By Dave Andrusko
When, at approximately 10:30 this morning, pro-abortion Terry McAuliffe conceded to pro-life Glenn Youngkin, it was a stunning turnabout from what appeared to be an easily victory for the former governor less than two months ago. With a turnabout of well over three million Virginians determining the Commonwealth’s next governor, Youngkin defeated McAuliffe 50.7% to 48.6 % — 1,674,550 to 1,603,010.
The Virginia Society for Human Life (VSHL) was all-in for the Youngkin, pro-life Winsome Sears, who became the first black Lt. Governor, and pro-life Jason Miyares, who became the first Latino Attorney General.
VSHL has 3 million impressions with their digital ads, over 500,000 automated phone calls, and sent out 72,000 emails.
National Right to Life’s State Political Committee was also heavily involved in the Virginia race. NRL’s State PAC reached out to 380,000 identified pro-life households as well as utilizing telephone, e-mail, digital ads and social media to reach hundreds of thousands of voters across the state. Pro-life efforts certainly paid off as evidenced by the CNN exit poll which showed that for 8% of Virginia voters, abortion was the top issue and that 60% of them voted for pro-life Glenn Youngkin.
Completing a clean sweep at the top of the ticket, pro-life Republicans took back the Assembly, thanks in no small part to VSHL.
McAuliffe ran on the abortion issue, pounding the issue over and over, calling Youngkin (what else?) an “extremist.” Yet it was McAuliffe, trying to win back the position he held for four years, whose position was wildly out of sync with the public. He embraced a policy of abortion on demand, supported the use of taxpayer funds to pay for abortions, and called a bill that would have allowed infants who survive abortions to be denied life-saving medical treatment “common sense.” He was assured by the media that this was a winning position.
But as John McCormack shrewdly pointed out, “McAuliffe was leading Youngkin by 5.2 points in the RCP polling average on the day the Texas [Heartbeat] law took effect.”
McAuliffe ran hard on abortion—hitting the issue in TV ads, speeches, debates. Media and McAuliffe said the issue could sink Youngkin after Texas’s 6-week ban took effect on September 1. McAuliffe even campaigned at an abortion clinic.
That’s extremist posture by any measure—and a losing one at that!
Here are five takeaways from a race in a state carried by President Biden by ten points just one year ago.
1. Smear politics didn’t work. McAuliffe lambasted Youngkin on issues that are not within our purview. But McAuliffe (and his horde of media supporters) simply doubled down, misrepresenting Youngkin’s positions to the very end.
2. Positive campaigning beat negative campaigning. Youngkin was a novice at politics, McAuliffe’s political history reaches back to the Clintons. From the jump, Youngkin was the most upbeat and optimistic, and a fervent believer that Virginia’s better days are still ahead.

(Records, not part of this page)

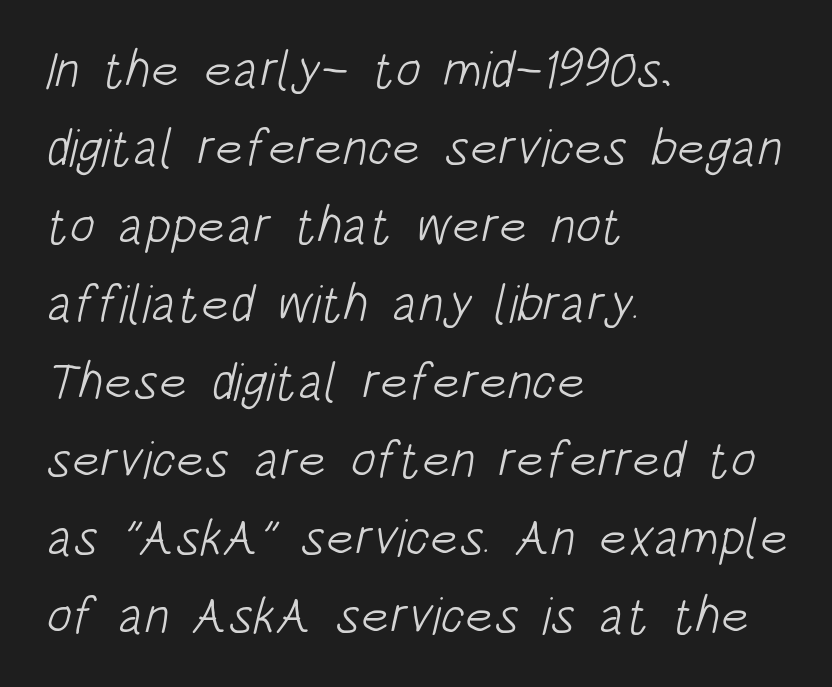
The image shows 52 px light, condensed sans-serif type; set left-aligned, normal line spacing (1.5x), normal letter spacing, not underlined; low stroke contrast and a large x-height.
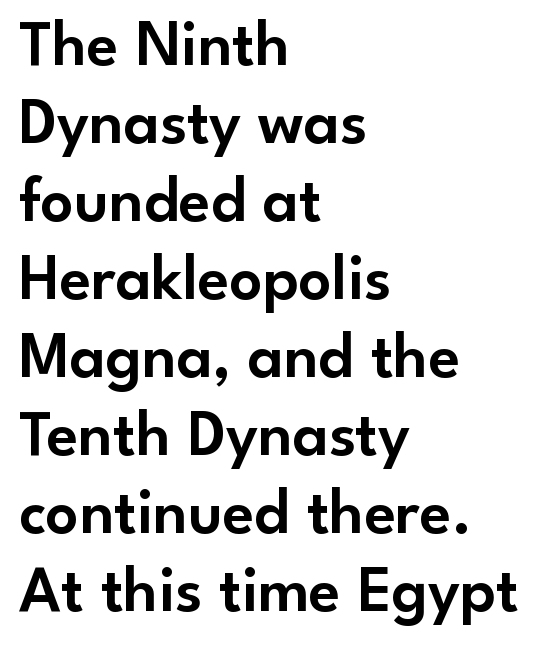
Proportional: the letters do not fall into vertical columns. The passage shown has conventional tracking throughout. The type family on display is of the sans-serif kind. Caption: multi-line text, flush left, ragged right. Underlining? Definitely not there. Unlike italic type, these characters show no tilt at all.
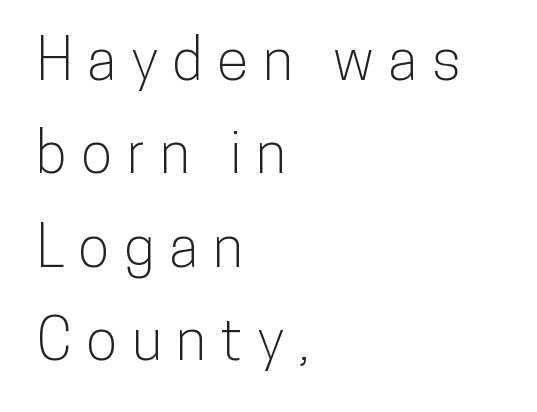
What kind of face is this? One without serifs — a sans. Layout note: lines flush left. Looks like regular typesetting: each glyph gets only the width it needs. Short note: letters widely spaced. Vertically, the passage feels balanced, rows spaced as you'd expect. Bare-footed words on every line.
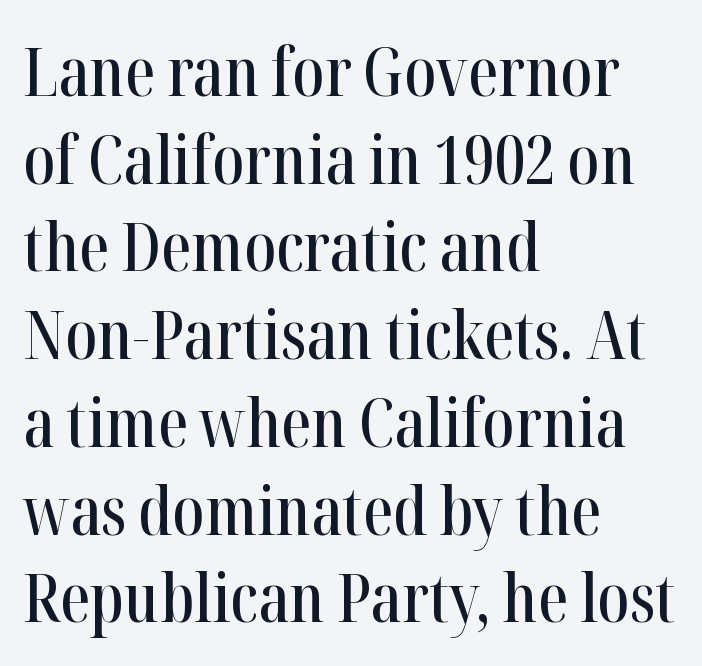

3. Youngkin fearlessly campaigned in Democrat strongholds. He cut into McAuliffe’s advantage, doing far better in, say Fairfax, than anyone thought possible. He also flipped some areas outstate, traditionally Republican, that had voted Democrat, or narrowly Republican, in recent election. Also “Democratic candidates continue to sink to new lows in rural areas,” as POLITICO observed.
4. President Biden, as the votes came in, insisted what took place in Virginia was independent of was happening in Washington, D.C. Not so, according to the reliable Democrat and pro-abortion Lisa Lerer of the New York Times:
But in a state where elections tend to be interwoven with national politics because of proximity to Washington, it’s hard to separate Mr. McAuliffe’s defeat from worsening views of the administration. In the week before Election Day, likely voters in Virginia disapproved of Mr. Biden’s job performance by 53 percent to 46 percent, according to a Washington Post-Schar School poll. Forty-four percent of voters in the state strongly disapproved of the president’s performance, compared with only 21 percent who strongly approved.
5. This is one I cannot prove, although I strongly suspect it is true. Fairfax County is a treasure-trove of Democrat votes. It is the kind of place where Republicans were convinced, when it came to counting votes, that Democrats were dealing from the bottom of the deck.
Thanks to a change in the law, all mail-in votes had to be counted by 8pm (except for those which were postmarked by Election Day and received by Friday). While Fairfax County election officials immediately said they could not meet the deadline, the counting did not stretch out until deep into Wednesday morning.
Congratulations to Gov.-elect Youngkin, Lt. Gov.-elect Sears, and Attorney General-elect Jason Miyares.